Capsules for effect boundaries
Effectful adapters are isolated behind certified capsules. A capsule has:
- a contract
- a conformance report
- an attestation
- a declared effect-log surface
That lets the verified or trusted entry stay small while making the effect boundary reviewable.
Runtime attestation for sandboxed trust
A sandboxed certificate without runtime evidence is incomplete. The certificate therefore binds the policy, network enforcement posture, binary, compile attestation, and capsule/effect-log evidence to the observed sandbox run.

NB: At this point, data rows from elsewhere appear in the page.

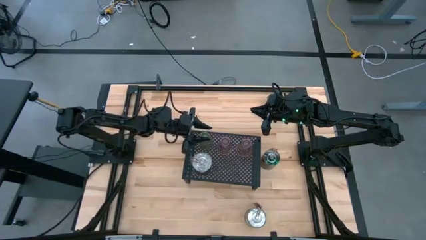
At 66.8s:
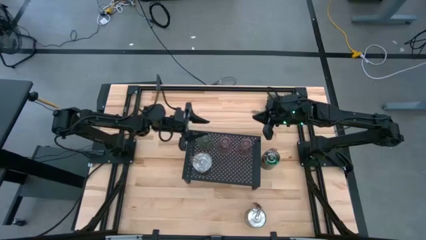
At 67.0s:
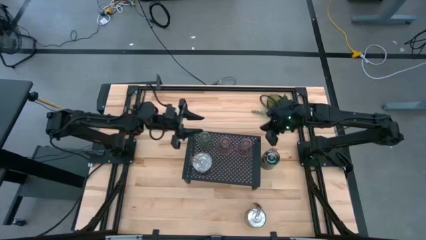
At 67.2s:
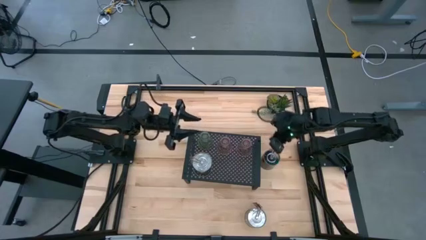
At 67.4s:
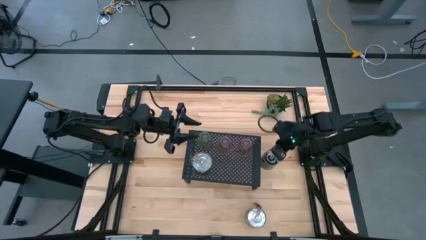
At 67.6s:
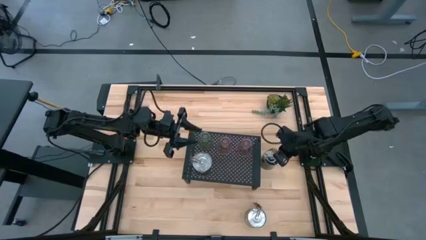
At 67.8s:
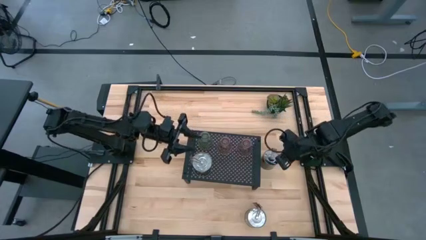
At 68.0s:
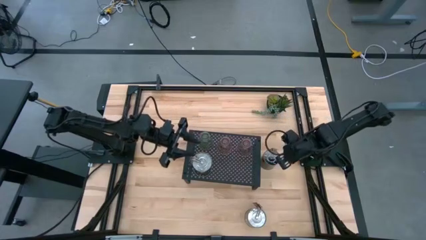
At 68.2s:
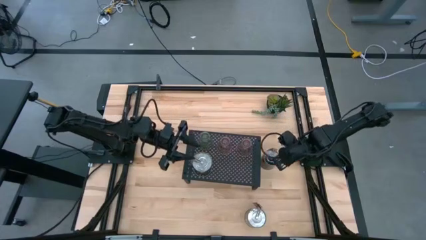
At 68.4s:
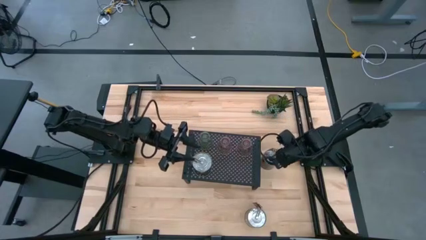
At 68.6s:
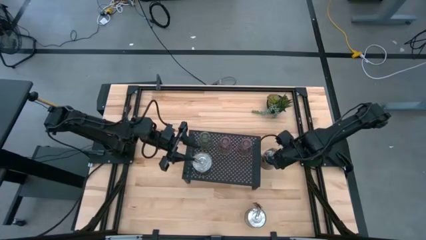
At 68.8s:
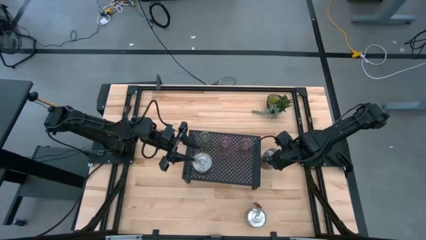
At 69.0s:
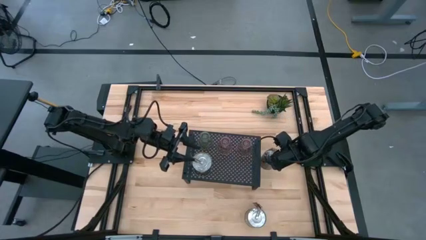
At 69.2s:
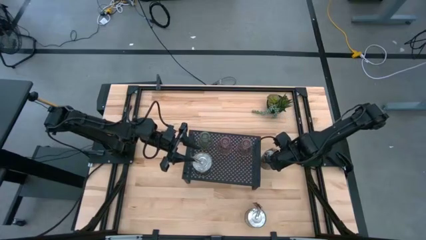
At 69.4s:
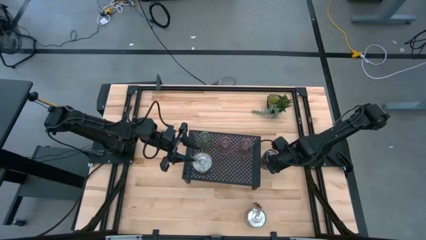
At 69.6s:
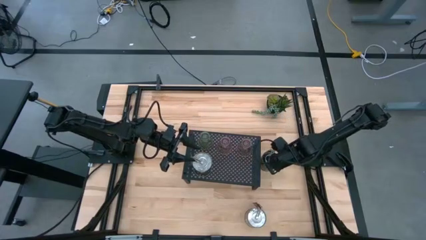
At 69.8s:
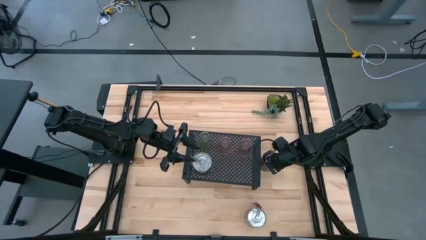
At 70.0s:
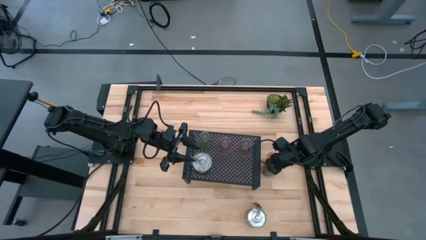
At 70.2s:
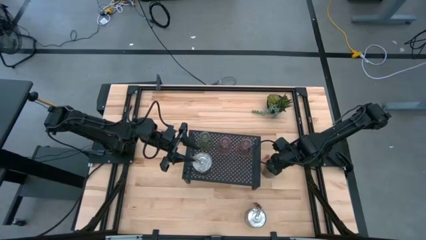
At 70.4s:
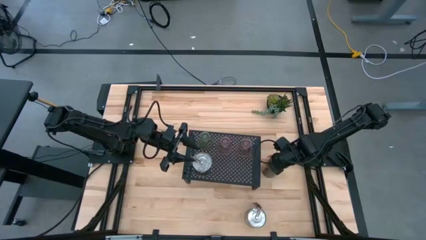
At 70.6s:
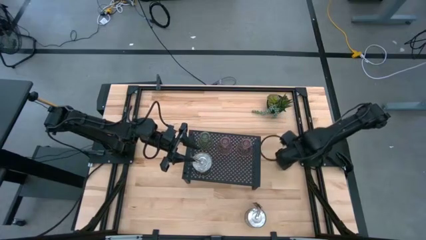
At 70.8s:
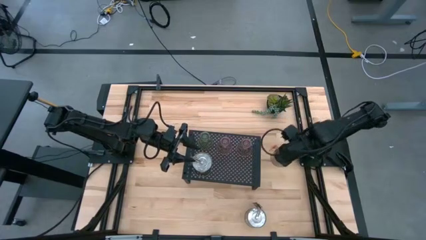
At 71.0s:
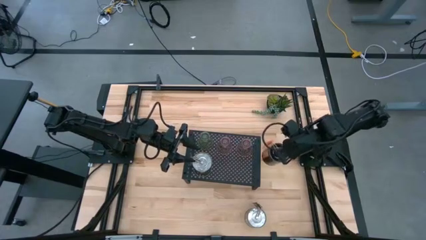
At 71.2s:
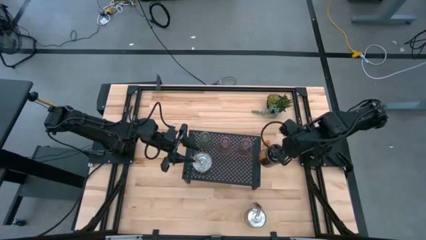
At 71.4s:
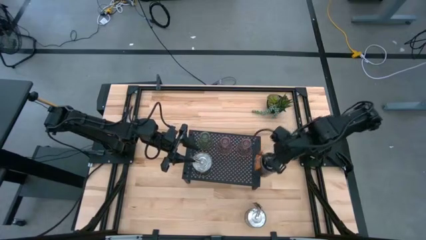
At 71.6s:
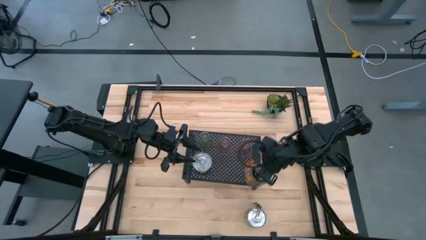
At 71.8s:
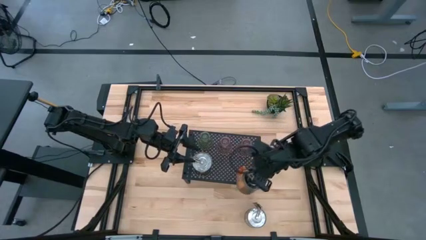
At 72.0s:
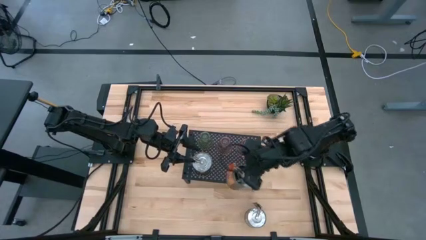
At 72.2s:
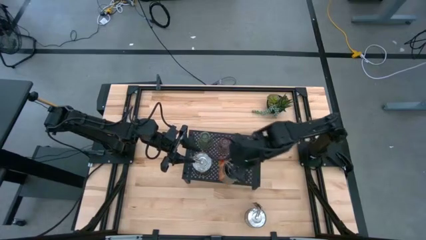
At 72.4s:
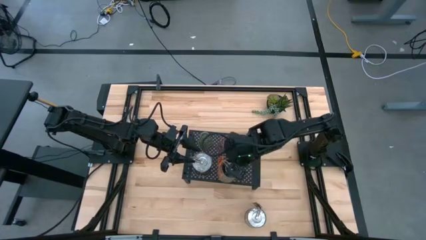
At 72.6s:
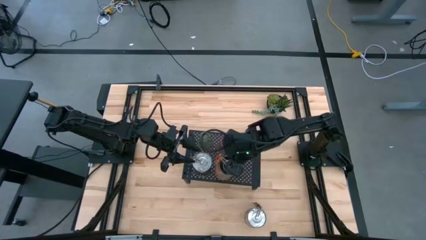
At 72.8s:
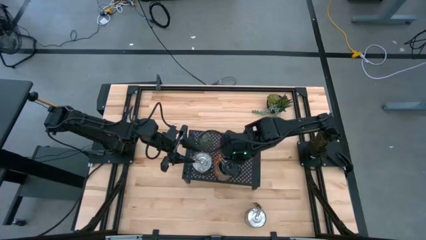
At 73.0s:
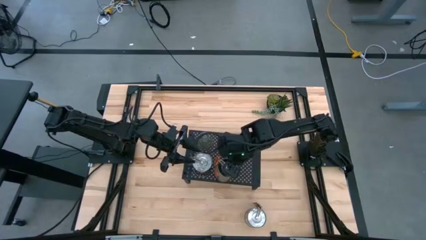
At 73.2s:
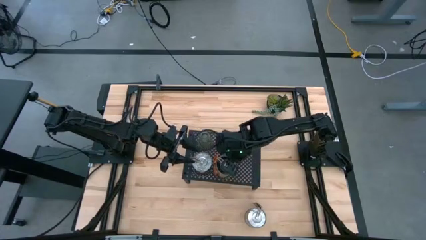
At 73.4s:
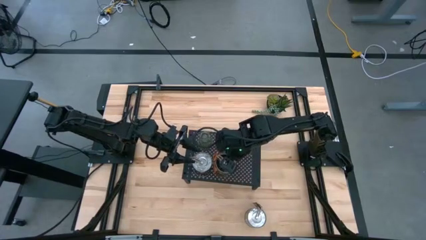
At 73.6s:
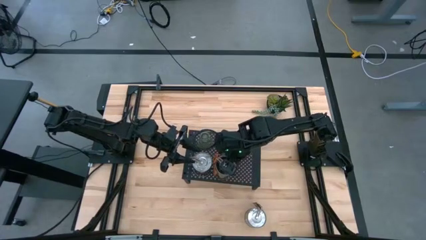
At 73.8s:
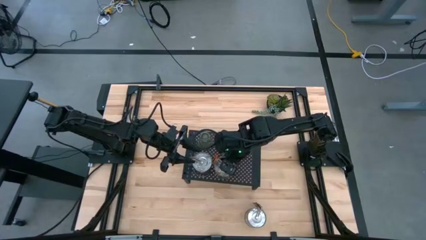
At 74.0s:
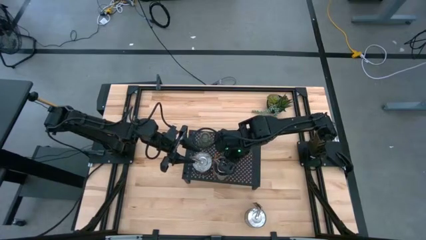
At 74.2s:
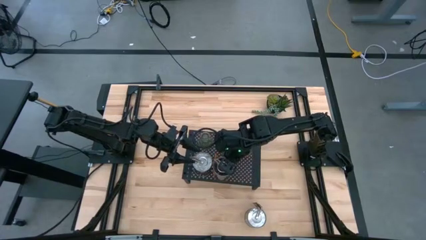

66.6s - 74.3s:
Task: Pick & Place candle stick holders
Put the orange scented candle on the shelf

Dependency closure is part of the trust claim
Networked certification is also a package-set claim. x07 pkg attest-closure records the exact locked dependency set, per-module digests, and advisory/yank posture so x07 trust certify can expose the reviewed closure in the certificate instead of treating x07.lock.json as an untracked side input.
Certificate-first review
The intended reviewer workflow is:
- run
x07 trust certify - inspect
summary.html - inspect
certificate.json - compare changes with
x07 review diff
That is the reason X07 keeps review artifacts structured and deterministic.
Starter paths
Start from the scaffold that matches the trust claim you want:
x07 init --template verified-core-pure
x07 init --template trusted-sandbox-program
x07 init --template trusted-network-service
x07 init --template certified-capsule
x07 init --template certified-network-capsule
Canonical examples:
docs/examples/verified_core_pure_v1/docs/examples/trusted_sandbox_program_v1/docs/examples/trusted_network_service_v1/docs/examples/certified_capsule_v1/docs/examples/certified_network_capsule_v1/x07-mcp/docs/examples/verified_core_pure_auth_core_v1/x07-mcp/docs/examples/trusted_program_sandboxed_local_stdio_v1/
The standalone network capsule scaffold reuses trusted_program_sandboxed_net_v1; the network trust claim is about the profile posture and required evidence, not a separate capsule-only profile id.